━━━ GIVEN INFORMATION ━━━

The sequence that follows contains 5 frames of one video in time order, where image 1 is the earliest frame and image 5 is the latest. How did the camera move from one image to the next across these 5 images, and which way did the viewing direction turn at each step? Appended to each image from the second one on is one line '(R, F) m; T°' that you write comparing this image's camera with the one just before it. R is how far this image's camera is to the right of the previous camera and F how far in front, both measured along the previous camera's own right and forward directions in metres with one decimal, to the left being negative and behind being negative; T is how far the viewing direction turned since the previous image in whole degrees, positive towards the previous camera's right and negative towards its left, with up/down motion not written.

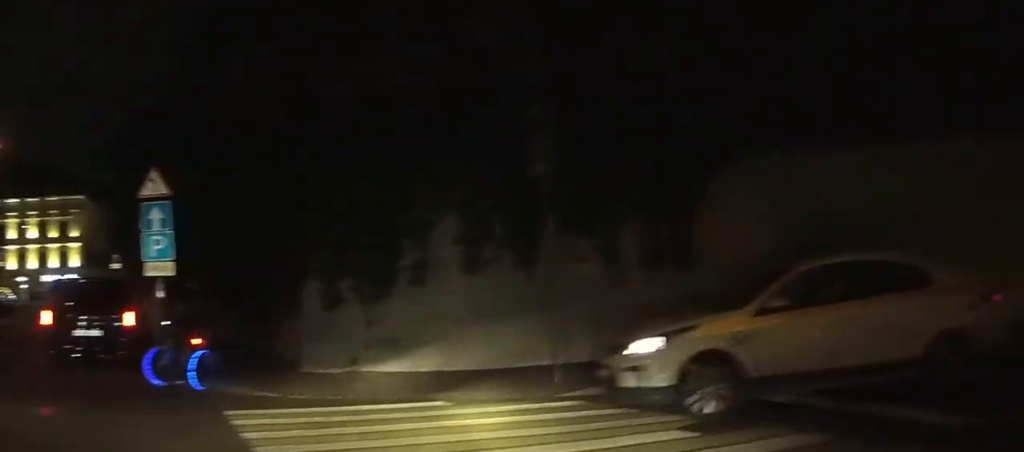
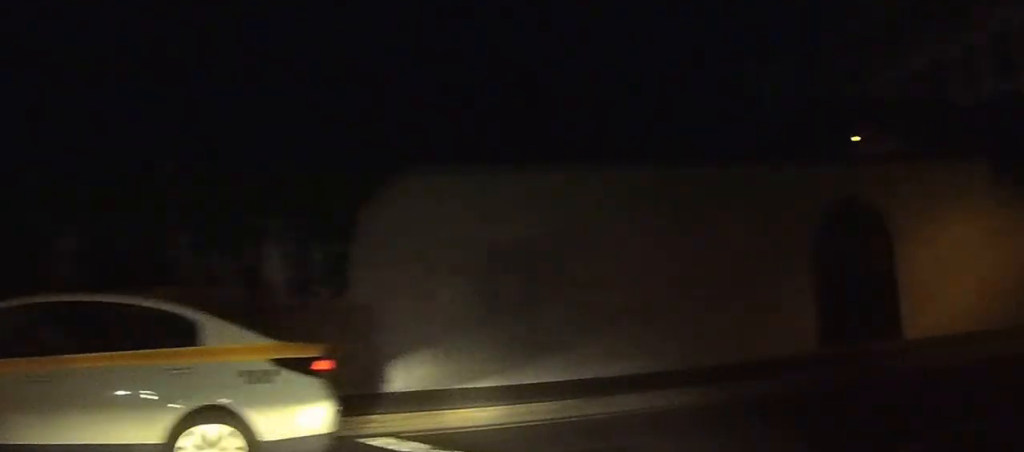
(+0.3, +2.8) m; +16°
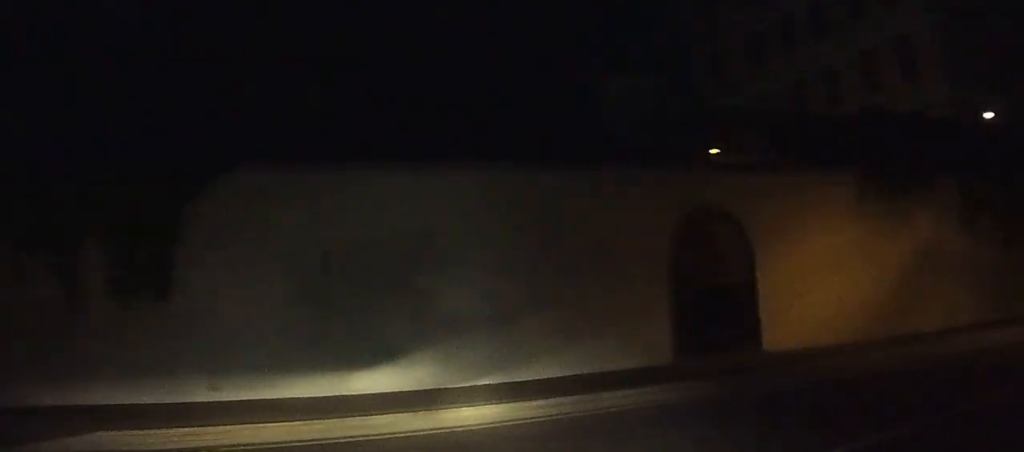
(0.0, +1.1) m; +8°
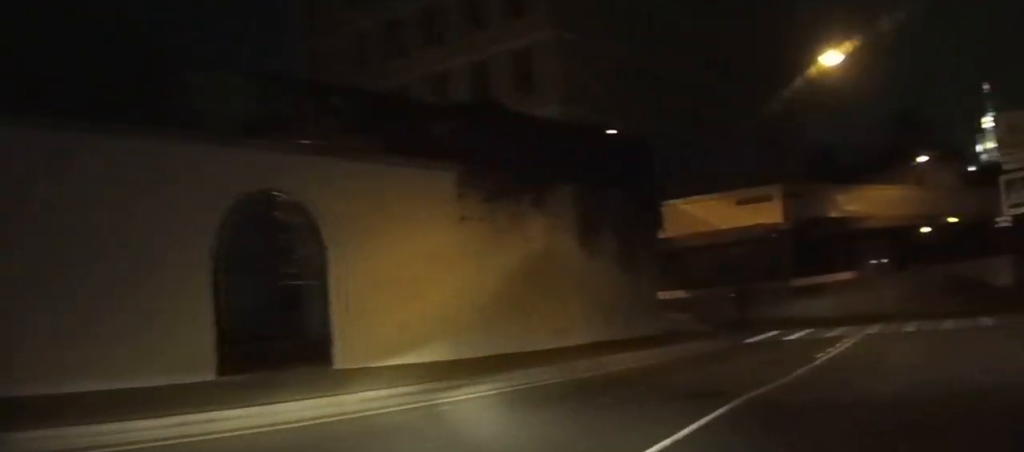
(+0.6, +3.5) m; +18°
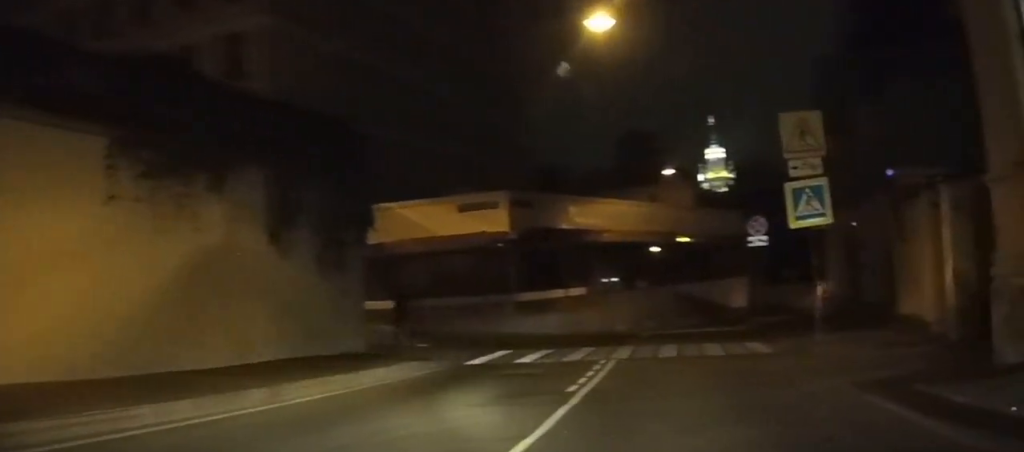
(+0.6, +3.8) m; +16°
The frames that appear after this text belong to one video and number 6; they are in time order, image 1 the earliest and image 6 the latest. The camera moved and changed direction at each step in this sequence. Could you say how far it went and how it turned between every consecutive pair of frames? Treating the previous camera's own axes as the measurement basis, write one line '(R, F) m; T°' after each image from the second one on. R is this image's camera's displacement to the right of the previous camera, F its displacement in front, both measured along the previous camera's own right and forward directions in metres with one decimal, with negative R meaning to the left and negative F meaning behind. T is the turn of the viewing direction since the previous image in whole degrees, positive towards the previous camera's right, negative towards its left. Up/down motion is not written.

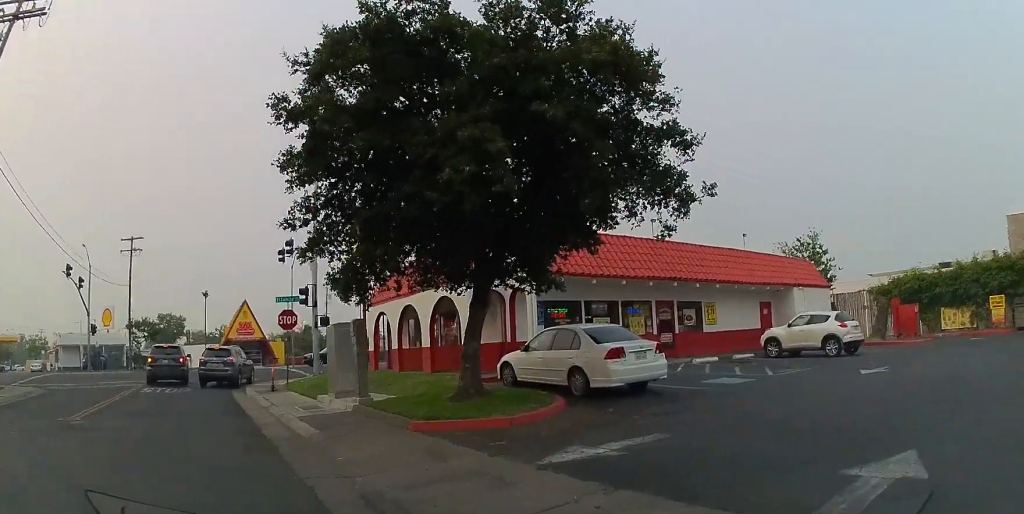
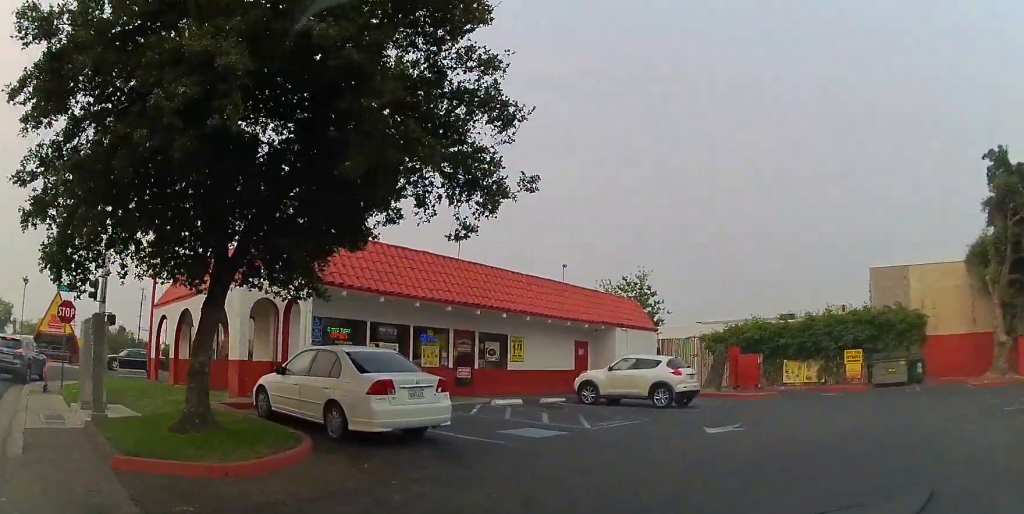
(+0.4, +3.3) m; +18°
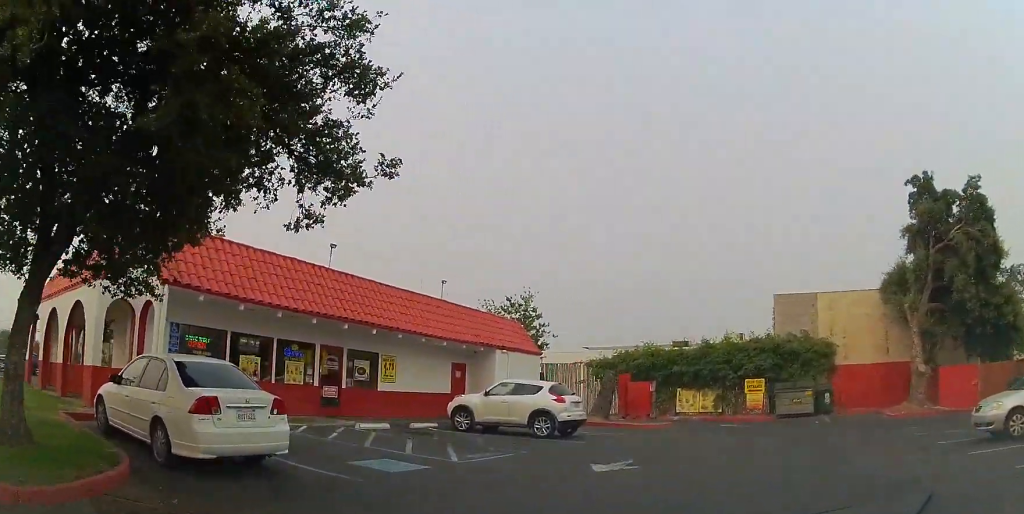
(+0.2, +1.7) m; +13°
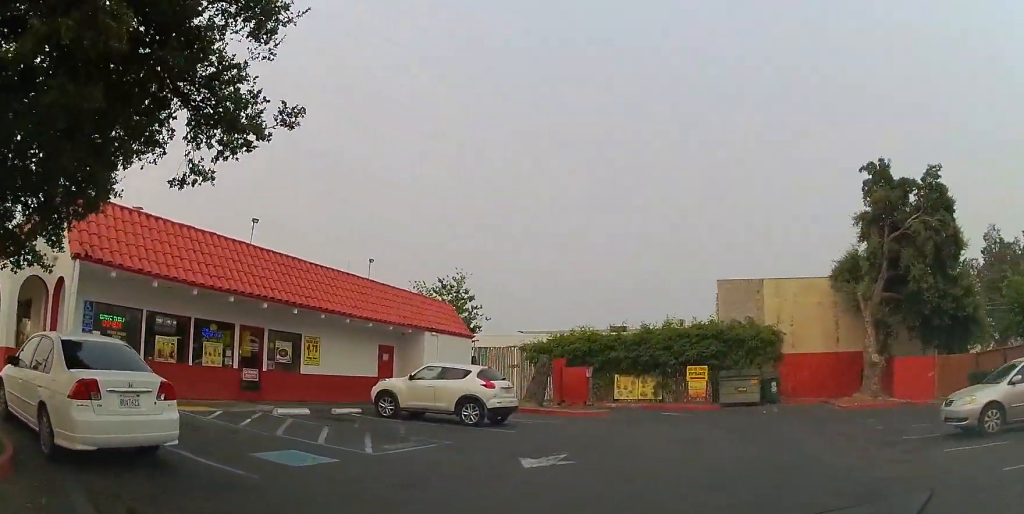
(+0.1, +1.2) m; +9°
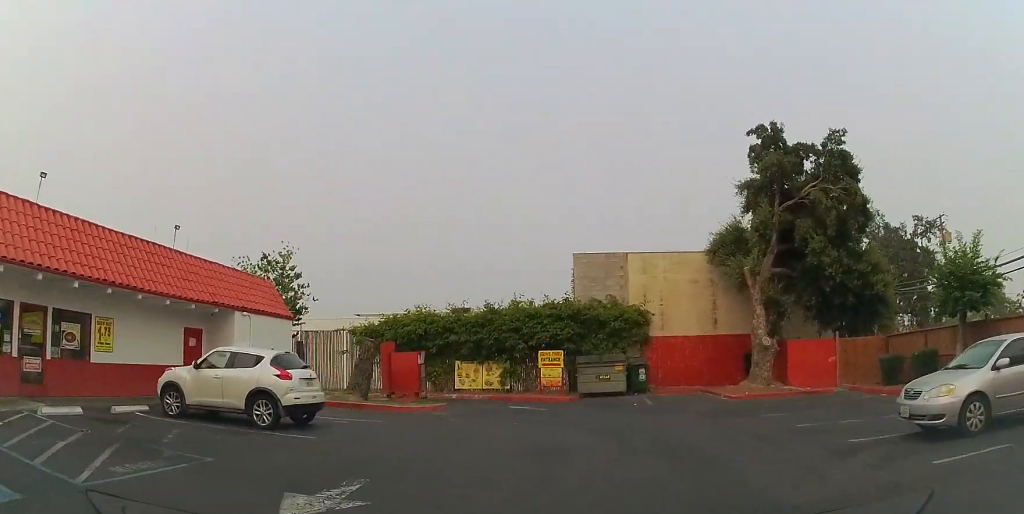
(+0.6, +3.4) m; +17°
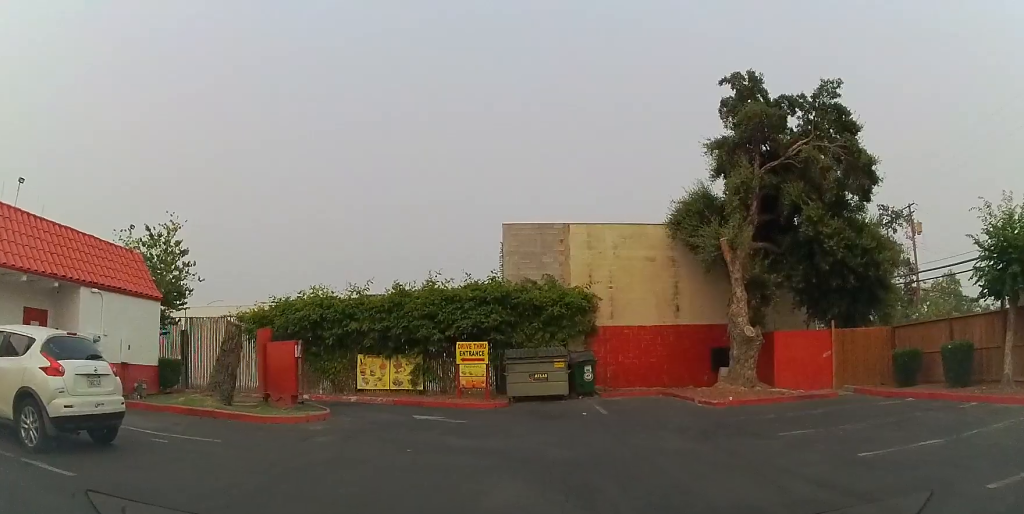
(+0.6, +4.3) m; +16°

━━━

WORK REQUEST: Retype all of the material above precisely as it reads. Pictures are not part of the copy.

EXERCISE SOLUTION:
The sequence that follows contains 5 frames of one video in time order, where image 1 is the earliest frame and image 5 is the latest. How did the camera move from one image to the next across these 5 images, and which way did the viewing direction turn at each step? Appended to each image from the second one on is one line '(R, F) m; T°' that you write comparing this image's camera with the one just before it. R is how far this image's camera is to the right of the previous camera and F how far in front, both measured along the previous camera's own right and forward directions in metres with one decimal, to the left being negative and behind being negative; T is how far the viewing direction turned since the previous image in whole degrees, positive towards the previous camera's right and negative towards its left, with up/down motion not written.

(+0.3, +2.8) m; +16°
(0.0, +1.1) m; +8°
(+0.6, +3.5) m; +18°
(+0.6, +3.8) m; +16°
The frames that appear after this text belong to one video and number 6; they are in time order, image 1 the earliest and image 6 the latest. The camera moved and changed direction at each step in this sequence. Could you say how far it went and how it turned between every consecutive pair of frames? Treating the previous camera's own axes as the measurement basis, write one line '(R, F) m; T°' after each image from the second one on. R is this image's camera's displacement to the right of the previous camera, F its displacement in front, both measured along the previous camera's own right and forward directions in metres with one decimal, with negative R meaning to the left and negative F meaning behind. T is the turn of the viewing direction since the previous image in whole degrees, positive towards the previous camera's right, negative towards its left. Up/down motion is not written.

(+0.4, +3.3) m; +18°
(+0.2, +1.7) m; +13°
(+0.1, +1.2) m; +9°
(+0.6, +3.4) m; +17°
(+0.6, +4.3) m; +16°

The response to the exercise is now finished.